T.P.34

We report a 44-years-old man, who presented, since the age of 20, recurrent episodes of rhabdomyolysis after exercise or prolonged fasting; he also showed a mild mental retardation and sporadic choreo-athetoid movements. His 14-years-old son had a psychomotor developmental delay with episodes of drowsiness and head drops, occurring mainly at fasting, and exercise-induced choreo-athetoid movements but no history of pigmenturia. Neurological examination revealed microcephaly, mild spastic ataxia and mental retardation. EEG was normal in the proband but in the son showed, during fasting, diffuse spike-wave discharges disappearing after food intake. Brain MRI was normal in both. CSF analysis in the son revealed hypoglycorrhachia (40 mg/dl). Clinical and laboratory findings suggested a search for mutations in SCL2A1 (GLUT-1) gene that revealed in both subjects, an already reported pathogenic heterozygous mutation (R333W). GLUT-1 Deficiency Syndrome (DS) is a rare encephalopathy, caused by impaired glucose transport into the brain, presenting with early-onset epilepsy, movement disorders, developmental delay and microcephaly but rhabdomyolysis has never been reported in similar cases.
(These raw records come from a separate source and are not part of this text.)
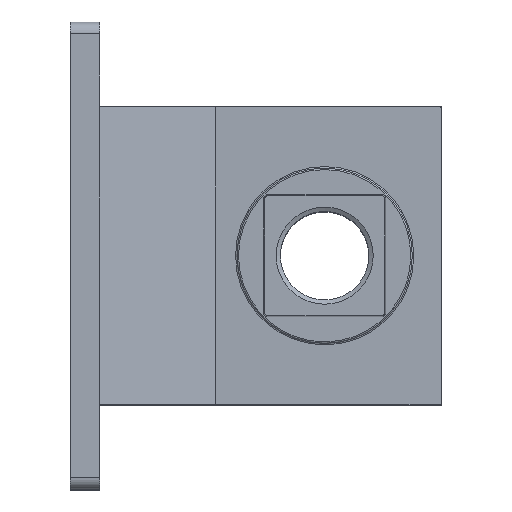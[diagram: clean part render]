
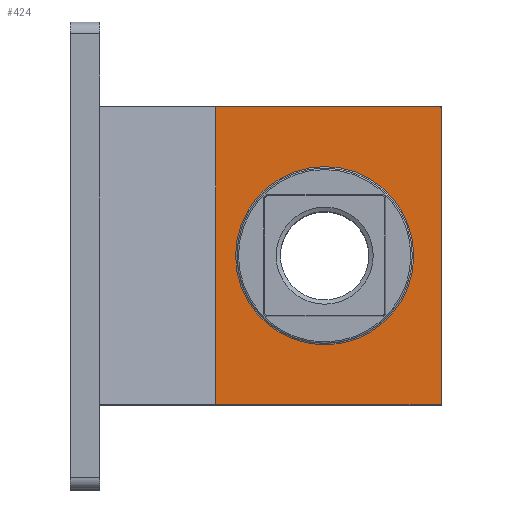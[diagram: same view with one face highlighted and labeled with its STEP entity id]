
A CAD part, top view. The second image highlights one B-rep face of the part: STEP entity #424.
In plain terms, the highlighted planar face has unit normal (0, 0, 1).
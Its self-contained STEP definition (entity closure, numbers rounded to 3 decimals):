
#424 = ADVANCED_FACE( '', ( #862, #863 ), #864, .T. );
#862 = FACE_BOUND( '', #1623, .T. );
#863 = FACE_OUTER_BOUND( '', #1624, .T. );
#864 = PLANE( '', #1625 );
#1623 = EDGE_LOOP( '', ( #2894 ) );
#1624 = EDGE_LOOP( '', ( #2895, #2896, #2897, #2898, #2899, #2900 ) );
#1625 = AXIS2_PLACEMENT_3D( '', #2901, #2902, #2903 );
#2894 = ORIENTED_EDGE( '', *, *, #5147, .T. );
#2895 = ORIENTED_EDGE( '', *, *, #5160, .T. );
#2896 = ORIENTED_EDGE( '', *, *, #5161, .F. );
#2897 = ORIENTED_EDGE( '', *, *, #5162, .T. );
#2898 = ORIENTED_EDGE( '', *, *, #5163, .T. );
#2899 = ORIENTED_EDGE( '', *, *, #5157, .T. );
#2900 = ORIENTED_EDGE( '', *, *, #5164, .F. );
#2901 = CARTESIAN_POINT( '', ( 127., 51., 5.5 ) );
#2902 = DIRECTION( '', ( 0., 0., 1. ) );
#2903 = DIRECTION( '', ( 1., 0., 0. ) );
#5147 = EDGE_CURVE( '', #6174, #6174, #6175, .T. );
#5157 = EDGE_CURVE( '', #6194, #6192, #6195, .T. );
#5160 = EDGE_CURVE( '', #6198, #6199, #6200, .T. );
#5161 = EDGE_CURVE( '', #6201, #6199, #6202, .T. );
#5162 = EDGE_CURVE( '', #6201, #6203, #6204, .T. );
#5163 = EDGE_CURVE( '', #6203, #6194, #6205, .T. );
#5164 = EDGE_CURVE( '', #6198, #6192, #6206, .T. );
#6174 = VERTEX_POINT( '', #7785 );
#6175 = CIRCLE( '', #7786, 30.5 );
#6192 = VERTEX_POINT( '', #7809 );
#6194 = VERTEX_POINT( '', #7812 );
#6195 = LINE( '', #7813, #7814 );
#6198 = VERTEX_POINT( '', #7819 );
#6199 = VERTEX_POINT( '', #7820 );
#6200 = CIRCLE( '', #7821, 0.5 );
#6201 = VERTEX_POINT( '', #7822 );
#6202 = LINE( '', #7823, #7824 );
#6203 = VERTEX_POINT( '', #7825 );
#6204 = CIRCLE( '', #7826, 0.5 );
#6205 = LINE( '', #7827, #7828 );
#6206 = LINE( '', #7829, #7830 );
#7785 = CARTESIAN_POINT( '', ( 56.5, 0., 5.5 ) );
#7786 = AXIS2_PLACEMENT_3D( '', #9555, #9556, #9557 );
#7809 = CARTESIAN_POINT( '', ( 49.699, -51., 5.5 ) );
#7812 = CARTESIAN_POINT( '', ( 49.699, 51., 5.5 ) );
#7813 = CARTESIAN_POINT( '', ( 49.699, 51., 5.5 ) );
#7814 = VECTOR( '', #9571, 1000. );
#7819 = CARTESIAN_POINT( '', ( 126.5, -51., 5.5 ) );
#7820 = CARTESIAN_POINT( '', ( 127., -50.5, 5.5 ) );
#7821 = AXIS2_PLACEMENT_3D( '', #9574, #9575, #9576 );
#7822 = CARTESIAN_POINT( '', ( 127., 50.5, 5.5 ) );
#7823 = CARTESIAN_POINT( '', ( 127., 51., 5.5 ) );
#7824 = VECTOR( '', #9577, 1000. );
#7825 = CARTESIAN_POINT( '', ( 126.5, 51., 5.5 ) );
#7826 = AXIS2_PLACEMENT_3D( '', #9578, #9579, #9580 );
#7827 = CARTESIAN_POINT( '', ( 127., 51., 5.5 ) );
#7828 = VECTOR( '', #9581, 1000. );
#7829 = CARTESIAN_POINT( '', ( 127., -51., 5.5 ) );
#7830 = VECTOR( '', #9582, 1000. );
#9555 = CARTESIAN_POINT( '', ( 87., 0., 5.5 ) );
#9556 = DIRECTION( '', ( 0., 0., -1. ) );
#9557 = DIRECTION( '', ( -1., 0., 0. ) );
#9571 = DIRECTION( '', ( 0., -1., 0. ) );
#9574 = CARTESIAN_POINT( '', ( 126.5, -50.5, 5.5 ) );
#9575 = DIRECTION( '', ( 0., 0., 1. ) );
#9576 = DIRECTION( '', ( 1., 0., 0. ) );
#9577 = DIRECTION( '', ( 0., -1., 0. ) );
#9578 = CARTESIAN_POINT( '', ( 126.5, 50.5, 5.5 ) );
#9579 = DIRECTION( '', ( 0., 0., 1. ) );
#9580 = DIRECTION( '', ( 1., 0., 0. ) );
#9581 = DIRECTION( '', ( -1., 0., 0. ) );
#9582 = DIRECTION( '', ( -1., 0., 0. ) );

To better define the origin of recurrent exercise-induced rhabdomyolysis in the father, he underwent forearm ischemic test (normal), EMG (myopathic pattern) and muscle biopsy that evidenced unspecific changes. Muscle biochemical studies excluded the most common metabolic causes of recurrent rhabdomyolysis, but VLCAD gene analysis in the father showed two known heterozygous mutations (p.G185S and p.R385W) whereas his son carried only the p.G185S. Nowadays, it is evident that cases of “double trouble” are increasing and, when a known phenotype is accompanied by some atypical features, we should think of an alternative explanation of unusual presentations.